(Records excerpted from a collection)
[Start of Attachment]

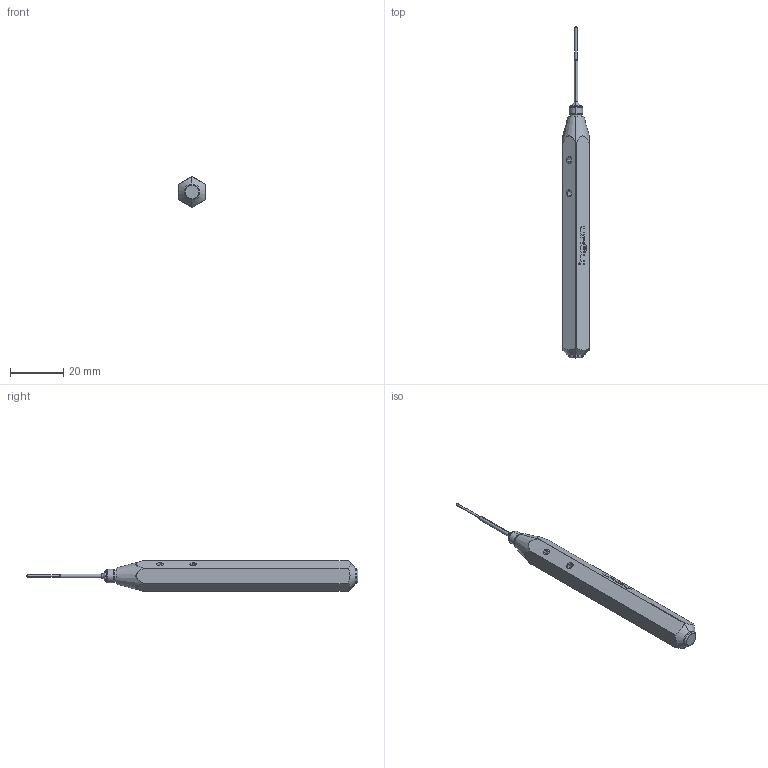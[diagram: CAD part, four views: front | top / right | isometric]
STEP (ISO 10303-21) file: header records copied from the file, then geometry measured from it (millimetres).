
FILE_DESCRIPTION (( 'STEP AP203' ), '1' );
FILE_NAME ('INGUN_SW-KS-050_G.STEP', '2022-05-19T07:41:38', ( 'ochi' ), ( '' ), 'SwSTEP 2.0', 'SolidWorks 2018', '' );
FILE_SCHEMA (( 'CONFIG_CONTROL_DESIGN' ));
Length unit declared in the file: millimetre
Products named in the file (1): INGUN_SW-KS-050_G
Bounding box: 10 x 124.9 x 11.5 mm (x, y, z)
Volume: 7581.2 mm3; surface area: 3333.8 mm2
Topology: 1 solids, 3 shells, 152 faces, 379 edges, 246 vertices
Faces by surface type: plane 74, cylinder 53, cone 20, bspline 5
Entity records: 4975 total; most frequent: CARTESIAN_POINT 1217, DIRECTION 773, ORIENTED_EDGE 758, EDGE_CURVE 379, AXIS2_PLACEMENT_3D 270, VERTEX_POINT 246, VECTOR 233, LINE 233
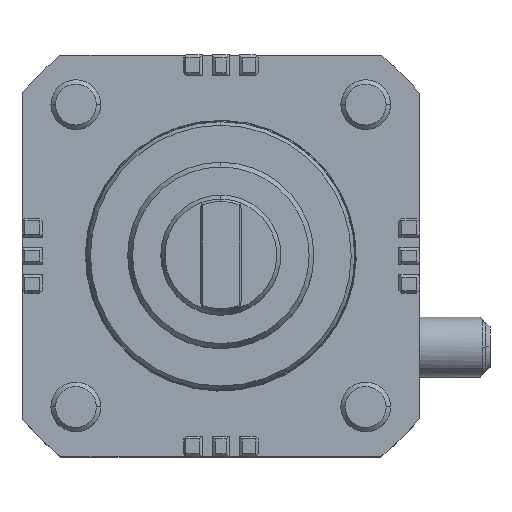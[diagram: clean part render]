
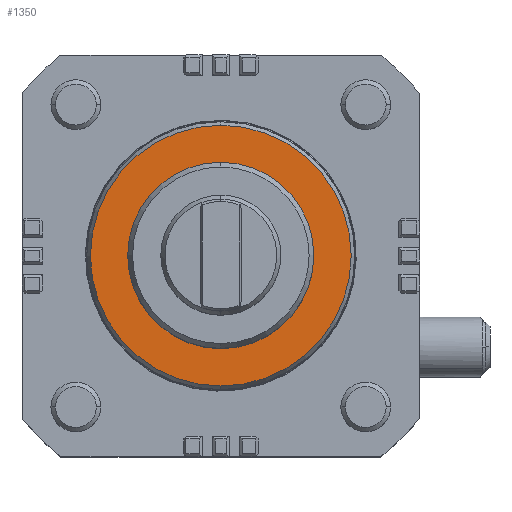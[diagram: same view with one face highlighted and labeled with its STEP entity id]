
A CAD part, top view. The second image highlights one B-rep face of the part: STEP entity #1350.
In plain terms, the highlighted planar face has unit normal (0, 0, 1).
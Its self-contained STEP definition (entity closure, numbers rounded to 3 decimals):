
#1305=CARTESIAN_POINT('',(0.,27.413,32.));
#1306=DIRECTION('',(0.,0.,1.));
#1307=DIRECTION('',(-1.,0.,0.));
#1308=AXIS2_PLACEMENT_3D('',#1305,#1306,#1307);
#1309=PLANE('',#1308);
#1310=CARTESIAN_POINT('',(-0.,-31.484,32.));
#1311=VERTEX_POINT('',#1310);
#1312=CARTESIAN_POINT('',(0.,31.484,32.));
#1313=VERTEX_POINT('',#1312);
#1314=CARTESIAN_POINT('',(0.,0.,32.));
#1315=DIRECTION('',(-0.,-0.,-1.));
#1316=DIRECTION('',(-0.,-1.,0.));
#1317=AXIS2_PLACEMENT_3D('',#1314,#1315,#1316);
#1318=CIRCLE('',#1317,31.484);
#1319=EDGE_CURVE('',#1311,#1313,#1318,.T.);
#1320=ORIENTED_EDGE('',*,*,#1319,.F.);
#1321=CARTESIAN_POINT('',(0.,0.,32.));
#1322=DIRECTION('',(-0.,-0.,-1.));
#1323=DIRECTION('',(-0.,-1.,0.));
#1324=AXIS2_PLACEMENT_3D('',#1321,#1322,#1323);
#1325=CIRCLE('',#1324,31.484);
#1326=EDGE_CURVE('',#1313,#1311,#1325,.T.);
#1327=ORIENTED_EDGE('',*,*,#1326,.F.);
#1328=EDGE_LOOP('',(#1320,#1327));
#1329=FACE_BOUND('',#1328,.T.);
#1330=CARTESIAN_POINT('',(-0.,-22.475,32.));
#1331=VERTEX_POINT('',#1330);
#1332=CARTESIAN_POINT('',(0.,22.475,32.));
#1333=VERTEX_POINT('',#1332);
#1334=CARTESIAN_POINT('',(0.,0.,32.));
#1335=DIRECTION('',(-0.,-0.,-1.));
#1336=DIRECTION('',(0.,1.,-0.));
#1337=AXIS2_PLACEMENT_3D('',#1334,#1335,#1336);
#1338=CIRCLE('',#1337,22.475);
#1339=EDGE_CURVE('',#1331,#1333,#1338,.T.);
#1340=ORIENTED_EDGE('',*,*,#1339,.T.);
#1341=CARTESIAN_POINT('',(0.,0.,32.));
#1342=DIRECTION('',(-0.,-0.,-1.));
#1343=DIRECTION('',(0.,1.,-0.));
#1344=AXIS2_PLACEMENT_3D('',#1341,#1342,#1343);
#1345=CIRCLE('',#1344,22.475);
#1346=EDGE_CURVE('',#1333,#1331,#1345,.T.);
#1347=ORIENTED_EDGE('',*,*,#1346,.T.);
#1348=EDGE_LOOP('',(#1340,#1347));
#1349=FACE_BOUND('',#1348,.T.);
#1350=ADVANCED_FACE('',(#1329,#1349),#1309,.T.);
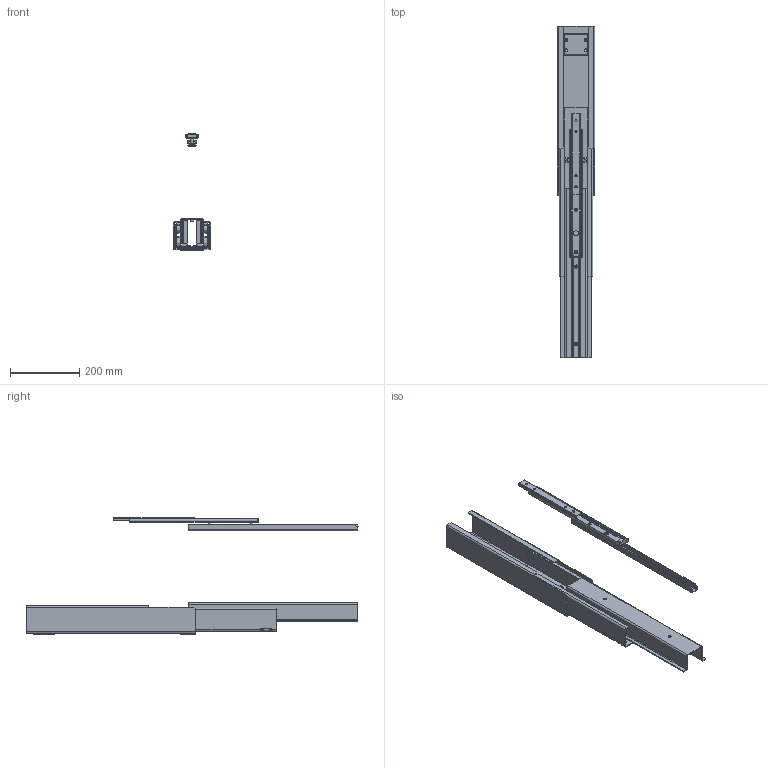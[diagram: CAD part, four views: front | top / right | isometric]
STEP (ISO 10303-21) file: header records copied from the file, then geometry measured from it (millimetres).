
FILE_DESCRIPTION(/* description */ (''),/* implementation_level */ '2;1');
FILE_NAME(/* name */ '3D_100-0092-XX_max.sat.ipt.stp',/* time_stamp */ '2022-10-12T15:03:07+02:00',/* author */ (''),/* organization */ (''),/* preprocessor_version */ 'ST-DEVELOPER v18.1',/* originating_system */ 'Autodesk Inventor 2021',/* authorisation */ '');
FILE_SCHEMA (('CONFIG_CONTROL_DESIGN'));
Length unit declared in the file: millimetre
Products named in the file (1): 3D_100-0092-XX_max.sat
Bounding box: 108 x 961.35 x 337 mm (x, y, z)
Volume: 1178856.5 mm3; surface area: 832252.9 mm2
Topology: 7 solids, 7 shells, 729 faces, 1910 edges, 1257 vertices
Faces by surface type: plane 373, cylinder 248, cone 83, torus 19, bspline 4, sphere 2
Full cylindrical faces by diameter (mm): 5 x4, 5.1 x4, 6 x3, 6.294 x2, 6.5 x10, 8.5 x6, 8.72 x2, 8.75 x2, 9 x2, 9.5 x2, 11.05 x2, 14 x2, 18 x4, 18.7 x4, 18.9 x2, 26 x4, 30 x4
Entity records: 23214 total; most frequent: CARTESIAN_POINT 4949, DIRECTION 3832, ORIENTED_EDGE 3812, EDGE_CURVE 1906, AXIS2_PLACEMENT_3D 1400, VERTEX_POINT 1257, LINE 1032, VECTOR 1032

[End of Attachment]

▸ **DIRECTIONS**:
All lines in the preceding records that hold the word "edges" need to be copied.

▸ **PROBLEM SOLUTION**:
Topology: 1 solids, 3 shells, 152 faces, 379 edges, 246 vertices
Topology: 7 solids, 7 shells, 729 faces, 1910 edges, 1257 vertices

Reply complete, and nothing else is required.